▸ What this task involves:
Give back every record exactly, with its pictures left out.

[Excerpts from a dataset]
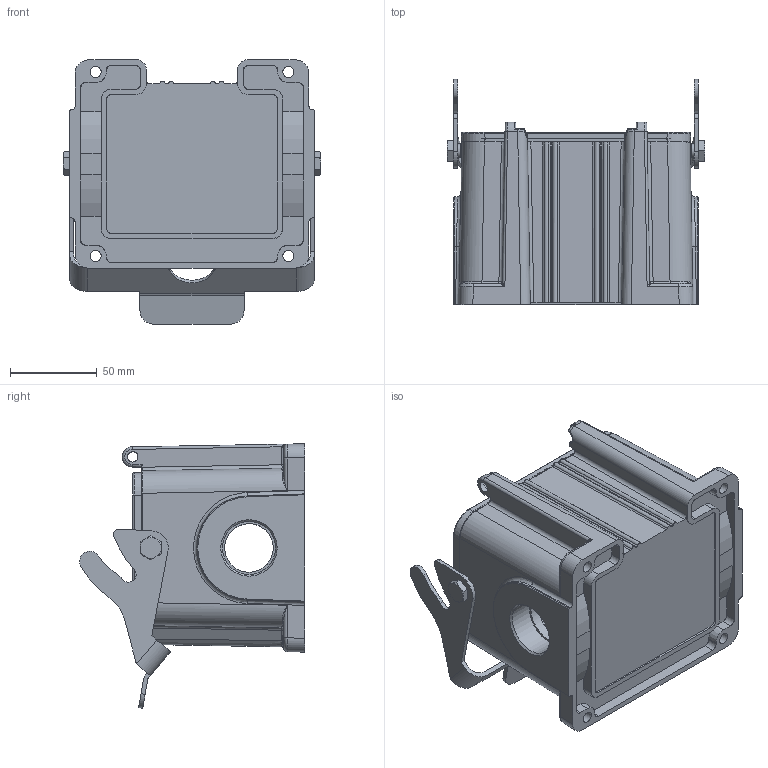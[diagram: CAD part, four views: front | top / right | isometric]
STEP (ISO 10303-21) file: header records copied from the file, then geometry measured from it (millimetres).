
FILE_DESCRIPTION(/* description */ (''),/* implementation_level */ '2;1');
FILE_NAME(/* name */ '3D_1240482251024_HV48B-SF-1L_S-2M32_V1.1.stp',/* time_stamp */ '2024-01-03T10:53:49+08:00',/* author */ (''),/* organization */ (''),/* preprocessor_version */ 'ST-DEVELOPER v18.1',/* originating_system */ 'SIEMENS PLM Software NX 1980',/* authorisation */ '');
FILE_SCHEMA (('AP203_CONFIGURATION_CONTROLLED_3D_DESIGN_OF_MECHANICAL_PARTS_AND_ASSEMBLIES_MIM_LF { 1 0 10303 403 2 1 2}'));
Length unit declared in the file: millimetre
Products named in the file (1): 3D_1240482251004_HV48B-SF-1L_S-M32_V1.1_stp
Bounding box: 148.3 x 129.66 x 152.33 mm (x, y, z)
Volume: 465391.7 mm3; surface area: 146064.9 mm2
Topology: 5 solids, 5 shells, 795 faces, 1981 edges, 1213 vertices
Faces by surface type: cylinder 333, plane 258, bspline 151, cone 22, sphere 16, torus 15
Full cylindrical faces by diameter (mm): 2.7 x8, 3.5 x8, 4.2 x1, 4.8 x4, 6 x2, 6.5 x4, 6.8 x1, 7.84 x2, 8.1 x2, 28 x2, 30.5 x2
Entity records: 26971 total; most frequent: CARTESIAN_POINT 8664, ORIENTED_EDGE 3812, DIRECTION 3787, EDGE_CURVE 1906, AXIS2_PLACEMENT_3D 1449, VERTEX_POINT 1194, EDGE_LOOP 894, LINE 889

▸ Response below:
[diagram: CAD part, four views: front | top / right | isometric]
STEP (ISO 10303-21) file: header records copied from the file, then geometry measured from it (millimetres).
FILE_DESCRIPTION(/* description */ (''),/* implementation_level */ '2;1');
FILE_NAME(/* name */ '3D_1240482251024_HV48B-SF-1L_S-2M32_V1.1.stp',/* time_stamp */ '2024-01-03T10:53:49+08:00',/* author */ (''),/* organization */ (''),/* preprocessor_version */ 'ST-DEVELOPER v18.1',/* originating_system */ 'SIEMENS PLM Software NX 1980',/* authorisation */ '');
FILE_SCHEMA (('AP203_CONFIGURATION_CONTROLLED_3D_DESIGN_OF_MECHANICAL_PARTS_AND_ASSEMBLIES_MIM_LF { 1 0 10303 403 2 1 2}'));
Length unit declared in the file: millimetre
Products named in the file (1): 3D_1240482251004_HV48B-SF-1L_S-M32_V1.1_stp
Bounding box: 148.3 x 129.66 x 152.33 mm (x, y, z)
Volume: 465391.7 mm3; surface area: 146064.9 mm2
Topology: 5 solids, 5 shells, 795 faces, 1981 edges, 1213 vertices
Faces by surface type: cylinder 333, plane 258, bspline 151, cone 22, sphere 16, torus 15
Full cylindrical faces by diameter (mm): 2.7 x8, 3.5 x8, 4.2 x1, 4.8 x4, 6 x2, 6.5 x4, 6.8 x1, 7.84 x2, 8.1 x2, 28 x2, 30.5 x2
Entity records: 26971 total; most frequent: CARTESIAN_POINT 8664, ORIENTED_EDGE 3812, DIRECTION 3787, EDGE_CURVE 1906, AXIS2_PLACEMENT_3D 1449, VERTEX_POINT 1194, EDGE_LOOP 894, LINE 889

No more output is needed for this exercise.